The World Bank has published a fascinating ranking of how easy it is to do business in 155 countries of the world. New Zealand ranks first, followed by Singapore and the United States. No African country is in the top 20.

But of the 20 countries in the world where it is most difficult to do business, 17 are African, according to the study, "Doing Business in 2006." Niger ranks 150 th, followed by Sudan, Chad, Central African Republic, Burkina Faso and, the very worst place to try to do business, Congo.

Take a simple construction project: building a warehouse for books. In Niger, obtaining the necessary licenses would involve 27 procedures over half a year. And in either Nigeria or Zimbabwe, the licenses would take nearly a year and a half to obtain.

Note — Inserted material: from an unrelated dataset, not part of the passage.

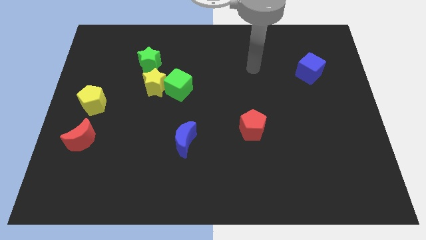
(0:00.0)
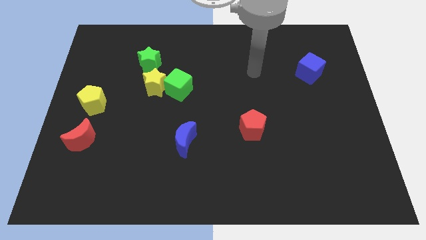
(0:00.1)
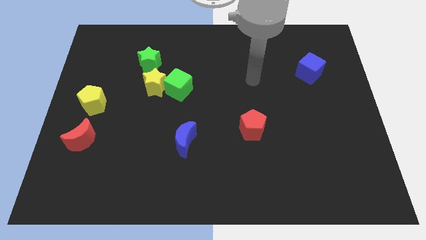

In Niger, for example, when people get money, perhaps sent to them from a relative abroad, they often use it to buy a motorcycle or a stereo system, because it is so onerous to invest in a legal business. Or to avoid hassles, they open an unlicensed business, perhaps a bed-andbreakfast, instead of a hotel.

The minimum wage is set at $35 a month in Niger, higher than the local market level. Employees are allowed to work no more than nine hours a day, weekend work is basically prohibited and women are not allowed to work evenings at all. Layoffs are usually not allowed.

Perhaps those rules, typically inherited from European countries during colonial days, sound as if they protect workers. But the upshot is that companies don’t come to Niger and don’t hire anyone they don’t want on the payroll forever. So almost all people toil in the informal labor sector where there are no protections whatsoever.

In a village 600 miles east of the capital, Niamey, for example, I met a woman named Aisha whose 2-yearold daughter had just died of malaria, partly because she couldn’t afford to take the child to the doctor. Aisha is five months pregnant, although she is so malnourished you can barely tell she’s pregnant at all.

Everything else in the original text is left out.